··· Records provided
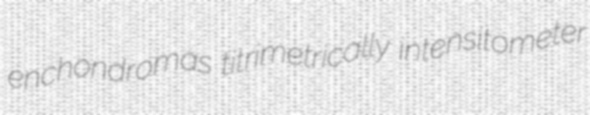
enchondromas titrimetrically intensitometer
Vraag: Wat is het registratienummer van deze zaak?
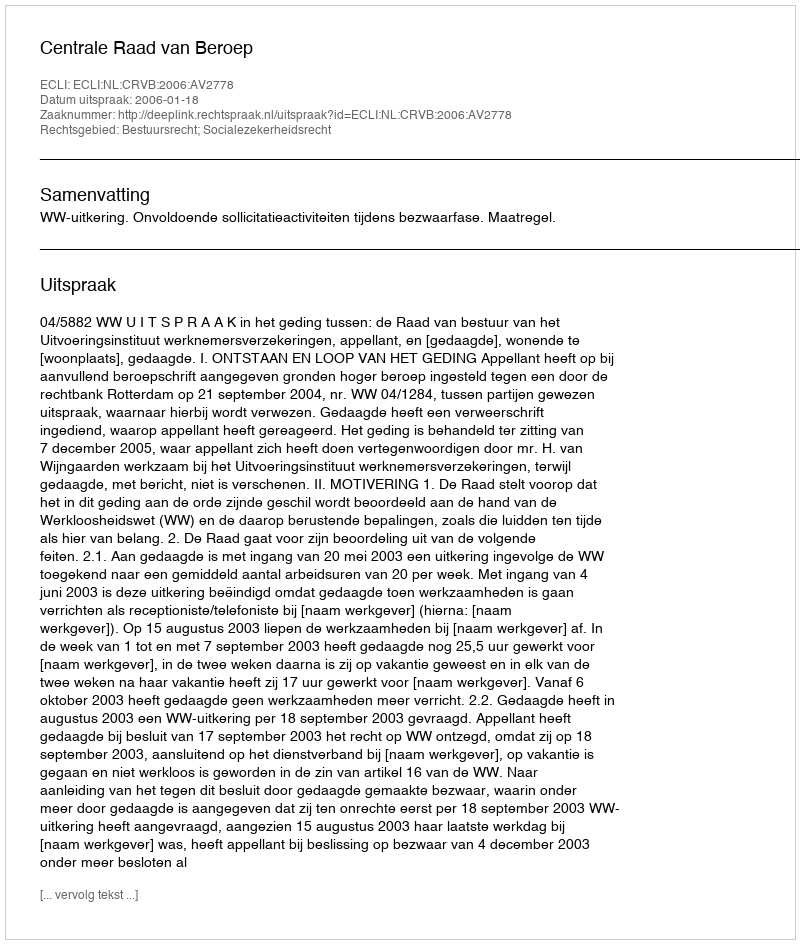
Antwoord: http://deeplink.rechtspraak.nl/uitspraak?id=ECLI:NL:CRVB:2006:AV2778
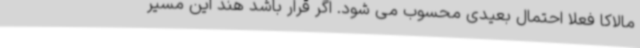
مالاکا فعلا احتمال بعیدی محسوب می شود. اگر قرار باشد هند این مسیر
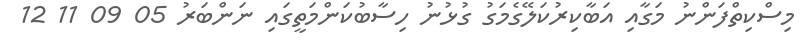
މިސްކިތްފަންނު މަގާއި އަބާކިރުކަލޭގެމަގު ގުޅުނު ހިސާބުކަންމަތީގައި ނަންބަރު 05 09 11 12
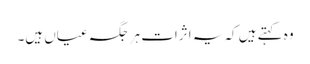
······
# Required work:
Starting at the line containing "Vraag: Wat is", output every remaining line of the records above exactly, the last one included. Nothing else belongs in the output, and no pictures either.

# Task solution:
Vraag: Wat is het registratienummer van deze zaak?
Antwoord: http://deeplink.rechtspraak.nl/uitspraak?id=ECLI:NL:CRVB:2006:AV2778
مالاکا فعلا احتمال بعیدی محسوب می شود. اگر قرار باشد هند این مسیر
މިސްކިތްފަންނު މަގާއި އަބާކިރުކަލޭގެމަގު ގުޅުނު ހިސާބުކަންމަތީގައި ނަންބަރު 05 09 11 12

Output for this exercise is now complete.